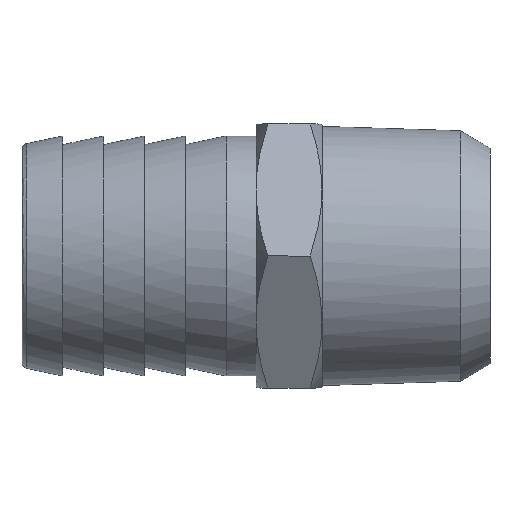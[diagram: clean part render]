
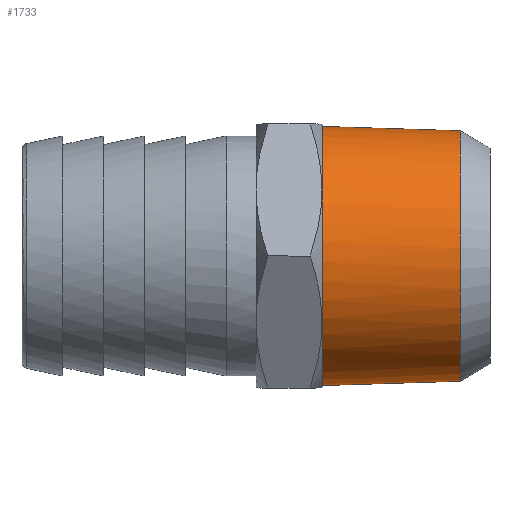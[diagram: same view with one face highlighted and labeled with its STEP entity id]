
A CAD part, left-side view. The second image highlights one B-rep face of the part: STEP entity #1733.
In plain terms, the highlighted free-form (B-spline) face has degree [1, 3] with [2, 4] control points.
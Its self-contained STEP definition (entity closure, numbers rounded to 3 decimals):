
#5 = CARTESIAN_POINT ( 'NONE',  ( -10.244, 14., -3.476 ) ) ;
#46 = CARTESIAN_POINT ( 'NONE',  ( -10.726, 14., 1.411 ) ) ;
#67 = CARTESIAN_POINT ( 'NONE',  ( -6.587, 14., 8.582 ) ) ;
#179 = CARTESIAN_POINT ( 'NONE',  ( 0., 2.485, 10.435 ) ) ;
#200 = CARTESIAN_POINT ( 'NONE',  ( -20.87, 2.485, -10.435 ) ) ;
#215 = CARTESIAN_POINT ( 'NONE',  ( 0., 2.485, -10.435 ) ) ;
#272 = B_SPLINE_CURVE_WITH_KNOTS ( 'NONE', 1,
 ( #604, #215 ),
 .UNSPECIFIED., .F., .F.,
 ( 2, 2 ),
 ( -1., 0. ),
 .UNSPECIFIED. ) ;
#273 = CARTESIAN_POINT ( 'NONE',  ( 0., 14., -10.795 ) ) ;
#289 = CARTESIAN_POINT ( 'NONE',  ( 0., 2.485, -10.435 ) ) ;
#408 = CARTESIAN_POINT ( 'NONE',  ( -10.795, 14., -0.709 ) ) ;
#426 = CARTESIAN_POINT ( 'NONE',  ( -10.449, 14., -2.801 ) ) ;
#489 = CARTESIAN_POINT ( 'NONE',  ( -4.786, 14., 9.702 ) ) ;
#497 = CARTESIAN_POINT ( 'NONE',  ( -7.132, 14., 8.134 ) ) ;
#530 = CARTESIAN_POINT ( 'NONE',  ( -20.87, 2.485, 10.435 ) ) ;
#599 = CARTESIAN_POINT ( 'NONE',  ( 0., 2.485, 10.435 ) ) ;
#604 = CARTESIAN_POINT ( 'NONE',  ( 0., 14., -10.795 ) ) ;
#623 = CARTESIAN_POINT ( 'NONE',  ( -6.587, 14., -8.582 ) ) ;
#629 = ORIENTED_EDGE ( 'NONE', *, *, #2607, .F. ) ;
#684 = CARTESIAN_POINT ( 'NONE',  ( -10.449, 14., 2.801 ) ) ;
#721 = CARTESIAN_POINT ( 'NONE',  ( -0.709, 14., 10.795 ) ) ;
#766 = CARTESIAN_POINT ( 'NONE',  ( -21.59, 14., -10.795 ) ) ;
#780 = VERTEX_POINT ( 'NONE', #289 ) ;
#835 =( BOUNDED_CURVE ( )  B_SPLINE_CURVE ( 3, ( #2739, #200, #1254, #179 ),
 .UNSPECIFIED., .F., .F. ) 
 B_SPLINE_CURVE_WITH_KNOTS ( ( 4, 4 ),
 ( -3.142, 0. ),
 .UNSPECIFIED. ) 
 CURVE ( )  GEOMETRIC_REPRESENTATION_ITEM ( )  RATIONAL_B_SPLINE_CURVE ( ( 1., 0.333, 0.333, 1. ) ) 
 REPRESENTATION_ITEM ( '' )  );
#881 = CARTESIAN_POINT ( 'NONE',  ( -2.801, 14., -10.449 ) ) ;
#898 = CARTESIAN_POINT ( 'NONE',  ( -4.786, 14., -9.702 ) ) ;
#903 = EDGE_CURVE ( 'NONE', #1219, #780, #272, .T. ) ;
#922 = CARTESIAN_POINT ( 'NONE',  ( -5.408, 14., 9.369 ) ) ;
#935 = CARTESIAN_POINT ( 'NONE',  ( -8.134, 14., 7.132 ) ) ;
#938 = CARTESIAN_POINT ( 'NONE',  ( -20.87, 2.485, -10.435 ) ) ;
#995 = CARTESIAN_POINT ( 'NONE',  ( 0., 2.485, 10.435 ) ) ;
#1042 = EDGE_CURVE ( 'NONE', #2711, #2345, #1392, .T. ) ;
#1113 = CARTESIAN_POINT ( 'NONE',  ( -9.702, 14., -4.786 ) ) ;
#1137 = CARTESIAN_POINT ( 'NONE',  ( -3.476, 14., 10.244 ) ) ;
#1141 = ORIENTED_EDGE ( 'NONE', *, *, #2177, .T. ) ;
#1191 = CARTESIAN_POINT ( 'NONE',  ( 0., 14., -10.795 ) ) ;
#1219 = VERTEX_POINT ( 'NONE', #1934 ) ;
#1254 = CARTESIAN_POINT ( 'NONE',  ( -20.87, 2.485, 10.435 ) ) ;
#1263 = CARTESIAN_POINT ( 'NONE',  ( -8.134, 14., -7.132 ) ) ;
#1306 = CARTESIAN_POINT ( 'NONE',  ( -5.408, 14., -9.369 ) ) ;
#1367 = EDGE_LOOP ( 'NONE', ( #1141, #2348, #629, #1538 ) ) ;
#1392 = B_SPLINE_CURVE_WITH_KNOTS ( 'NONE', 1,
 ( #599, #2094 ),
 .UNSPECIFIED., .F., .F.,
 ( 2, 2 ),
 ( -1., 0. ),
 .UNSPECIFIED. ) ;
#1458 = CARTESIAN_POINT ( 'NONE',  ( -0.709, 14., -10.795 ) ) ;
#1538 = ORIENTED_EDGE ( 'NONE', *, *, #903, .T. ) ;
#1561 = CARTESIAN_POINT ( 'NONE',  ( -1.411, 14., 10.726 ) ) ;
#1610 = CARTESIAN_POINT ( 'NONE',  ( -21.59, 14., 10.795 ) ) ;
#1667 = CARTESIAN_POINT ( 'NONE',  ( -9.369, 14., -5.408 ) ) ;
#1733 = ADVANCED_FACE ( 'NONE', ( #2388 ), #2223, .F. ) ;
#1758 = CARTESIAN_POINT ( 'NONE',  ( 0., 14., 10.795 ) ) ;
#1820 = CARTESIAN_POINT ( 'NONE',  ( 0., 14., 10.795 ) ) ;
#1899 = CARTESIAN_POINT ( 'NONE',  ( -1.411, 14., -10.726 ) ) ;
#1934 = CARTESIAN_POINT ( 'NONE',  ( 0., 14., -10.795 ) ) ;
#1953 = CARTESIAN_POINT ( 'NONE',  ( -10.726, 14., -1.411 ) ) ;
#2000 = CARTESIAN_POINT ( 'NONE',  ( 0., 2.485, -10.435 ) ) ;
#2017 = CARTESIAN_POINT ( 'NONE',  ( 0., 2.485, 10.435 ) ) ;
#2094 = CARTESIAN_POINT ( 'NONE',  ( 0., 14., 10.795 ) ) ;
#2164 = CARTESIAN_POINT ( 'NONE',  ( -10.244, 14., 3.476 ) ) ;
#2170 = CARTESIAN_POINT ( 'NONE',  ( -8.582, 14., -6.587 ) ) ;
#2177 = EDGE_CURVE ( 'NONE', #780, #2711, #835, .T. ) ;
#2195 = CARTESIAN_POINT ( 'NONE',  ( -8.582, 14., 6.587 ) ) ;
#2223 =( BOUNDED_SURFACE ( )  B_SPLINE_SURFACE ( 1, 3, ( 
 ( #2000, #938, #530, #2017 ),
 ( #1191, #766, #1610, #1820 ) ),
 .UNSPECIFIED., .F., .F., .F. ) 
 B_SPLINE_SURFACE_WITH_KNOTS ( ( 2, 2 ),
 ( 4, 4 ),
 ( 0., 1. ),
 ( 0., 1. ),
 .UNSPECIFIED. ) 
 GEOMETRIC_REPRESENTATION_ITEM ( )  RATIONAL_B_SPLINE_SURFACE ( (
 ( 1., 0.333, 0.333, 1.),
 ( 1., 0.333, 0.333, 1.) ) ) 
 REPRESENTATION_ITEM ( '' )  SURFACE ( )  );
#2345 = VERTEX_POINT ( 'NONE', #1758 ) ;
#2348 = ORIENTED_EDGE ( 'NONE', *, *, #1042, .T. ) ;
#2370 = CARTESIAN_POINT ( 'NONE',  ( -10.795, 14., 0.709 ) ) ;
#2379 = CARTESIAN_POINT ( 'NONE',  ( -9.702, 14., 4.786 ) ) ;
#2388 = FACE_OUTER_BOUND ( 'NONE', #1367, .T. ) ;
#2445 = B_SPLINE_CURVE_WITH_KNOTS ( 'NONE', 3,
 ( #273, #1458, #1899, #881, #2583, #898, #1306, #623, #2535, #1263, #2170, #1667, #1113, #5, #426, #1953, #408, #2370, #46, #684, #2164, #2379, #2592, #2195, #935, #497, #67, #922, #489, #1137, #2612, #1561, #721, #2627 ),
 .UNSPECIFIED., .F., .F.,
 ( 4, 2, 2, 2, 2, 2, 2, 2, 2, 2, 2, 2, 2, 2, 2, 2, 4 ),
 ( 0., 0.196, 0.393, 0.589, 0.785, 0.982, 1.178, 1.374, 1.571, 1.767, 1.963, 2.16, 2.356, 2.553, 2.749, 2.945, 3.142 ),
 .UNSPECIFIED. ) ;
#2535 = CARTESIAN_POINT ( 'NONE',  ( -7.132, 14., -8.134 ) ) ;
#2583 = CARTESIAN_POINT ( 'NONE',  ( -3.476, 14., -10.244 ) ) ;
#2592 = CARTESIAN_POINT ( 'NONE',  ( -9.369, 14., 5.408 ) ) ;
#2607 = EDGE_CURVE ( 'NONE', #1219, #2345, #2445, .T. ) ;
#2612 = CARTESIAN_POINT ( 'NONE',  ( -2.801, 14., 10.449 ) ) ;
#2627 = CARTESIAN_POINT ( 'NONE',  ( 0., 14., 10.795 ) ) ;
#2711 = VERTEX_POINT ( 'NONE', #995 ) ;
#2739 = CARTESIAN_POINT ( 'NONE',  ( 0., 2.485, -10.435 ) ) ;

### What is being asked
What is needed is an exact copy of the lines above, from the one containing "#881 = CARTESIAN_POINT" through the one containing "#922 = CARTESIAN_POINT", with nothing added.

### Response
#881 = CARTESIAN_POINT ( 'NONE',  ( -2.801, 14., -10.449 ) ) ;
#898 = CARTESIAN_POINT ( 'NONE',  ( -4.786, 14., -9.702 ) ) ;
#903 = EDGE_CURVE ( 'NONE', #1219, #780, #272, .T. ) ;
#922 = CARTESIAN_POINT ( 'NONE',  ( -5.408, 14., 9.369 ) ) ;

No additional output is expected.